Your goal:
Exclude the pictures, then restate exactly each line of the data below from the first through the line containing "#1073 = DIRECTION".

(Stored items from a collection)
------------------------------------------------------------

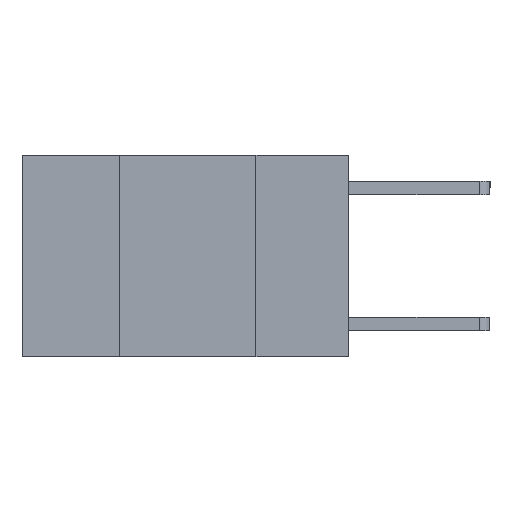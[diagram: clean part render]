
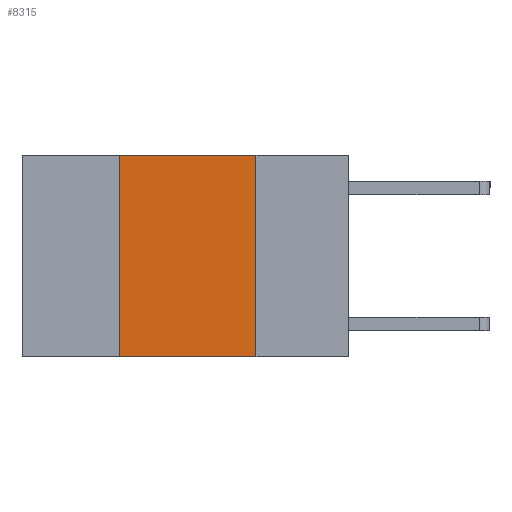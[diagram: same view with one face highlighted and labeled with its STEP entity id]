
A CAD part, left-side view. The second image highlights one B-rep face of the part: STEP entity #8315.
In plain terms, the highlighted planar face has unit normal (-1, 0, 0).
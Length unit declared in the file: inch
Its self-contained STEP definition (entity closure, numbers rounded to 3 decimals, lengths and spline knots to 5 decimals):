
#27 = ORIENTED_EDGE ( 'NONE', *, *, #7538, .F. ) ;
#42 = LINE ( 'NONE', #6075, #6576 ) ;
#783 = DIRECTION ( 'NONE',  ( 0., -1., 0. ) ) ;
#801 = CARTESIAN_POINT ( 'NONE',  ( 0., 0.42, 0. ) ) ;
#816 = DIRECTION ( 'NONE',  ( 0., -1., 0. ) ) ;
#822 = AXIS2_PLACEMENT_3D ( 'NONE', #6516, #1837, #5619 ) ;
#873 = ORIENTED_EDGE ( 'NONE', *, *, #3007, .F. ) ;
#1073 = DIRECTION ( 'NONE',  ( 0., 0., -1. ) ) ;
#1664 = CARTESIAN_POINT ( 'NONE',  ( 0., 0.42, 0. ) ) ;
#1837 = DIRECTION ( 'NONE',  ( 1., 0., 0. ) ) ;
#1970 = ORIENTED_EDGE ( 'NONE', *, *, #8692, .F. ) ;
#3007 = EDGE_CURVE ( 'NONE', #3121, #3893, #5100, .T. ) ;
#3023 = ORIENTED_EDGE ( 'NONE', *, *, #7365, .T. ) ;
#3121 = VERTEX_POINT ( 'NONE', #3381 ) ;
#3298 = FACE_OUTER_BOUND ( 'NONE', #5961, .T. ) ;
#3381 = CARTESIAN_POINT ( 'NONE',  ( 0., 0.17, 0. ) ) ;
#3893 = VERTEX_POINT ( 'NONE', #8772 ) ;
#4139 = CARTESIAN_POINT ( 'NONE',  ( 0., 0.17, 0. ) ) ;
#4510 = VECTOR ( 'NONE', #9369, 39.37008 ) ;
#4869 = CARTESIAN_POINT ( 'NONE',  ( 0., 0.42, -0.37 ) ) ;
#5100 = LINE ( 'NONE', #4139, #9201 ) ;
#5400 = VERTEX_POINT ( 'NONE', #801 ) ;
#5619 = DIRECTION ( 'NONE',  ( 0., 0., -1. ) ) ;
#5961 = EDGE_LOOP ( 'NONE', ( #873, #1970, #27, #3023 ) ) ;
#6075 = CARTESIAN_POINT ( 'NONE',  ( 0., 0.6, 0. ) ) ;
#6516 = CARTESIAN_POINT ( 'NONE',  ( 0., 0.6, 0. ) ) ;
#6576 = VECTOR ( 'NONE', #783, 39.37008 ) ;
#7365 = EDGE_CURVE ( 'NONE', #8322, #3893, #9180, .T. ) ;
#7538 = EDGE_CURVE ( 'NONE', #8322, #5400, #8582, .T. ) ;
#7682 = CARTESIAN_POINT ( 'NONE',  ( 0., 0.6, -0.37 ) ) ;
#8315 = ADVANCED_FACE ( 'NONE', ( #3298 ), #9444, .F. ) ;
#8322 = VERTEX_POINT ( 'NONE', #4869 ) ;
#8582 = LINE ( 'NONE', #1664, #4510 ) ;
#8692 = EDGE_CURVE ( 'NONE', #5400, #3121, #42, .T. ) ;
#8772 = CARTESIAN_POINT ( 'NONE',  ( 0., 0.17, -0.37 ) ) ;
#8841 = VECTOR ( 'NONE', #816, 39.37008 ) ;
#9180 = LINE ( 'NONE', #7682, #8841 ) ;
#9201 = VECTOR ( 'NONE', #1073, 39.37008 ) ;
#9369 = DIRECTION ( 'NONE',  ( 0., 0., 1. ) ) ;
#9444 = PLANE ( 'NONE',  #822 ) ;

------------------------------------------------------------

Expected answer:
[diagram: clean part render]
[diagram: same view with one face highlighted and labeled with its STEP entity id]
A CAD part, left-side view. The second image highlights one B-rep face of the part: STEP entity #8315.
In plain terms, the highlighted planar face has unit normal (-1, 0, 0).
Length unit declared in the file: inch
Its self-contained STEP definition (entity closure, numbers rounded to 3 decimals, lengths and spline knots to 5 decimals):
#27 = ORIENTED_EDGE ( 'NONE', *, *, #7538, .F. ) ;
#42 = LINE ( 'NONE', #6075, #6576 ) ;
#783 = DIRECTION ( 'NONE',  ( 0., -1., 0. ) ) ;
#801 = CARTESIAN_POINT ( 'NONE',  ( 0., 0.42, 0. ) ) ;
#816 = DIRECTION ( 'NONE',  ( 0., -1., 0. ) ) ;
#822 = AXIS2_PLACEMENT_3D ( 'NONE', #6516, #1837, #5619 ) ;
#873 = ORIENTED_EDGE ( 'NONE', *, *, #3007, .F. ) ;
#1073 = DIRECTION ( 'NONE',  ( 0., 0., -1. ) ) ;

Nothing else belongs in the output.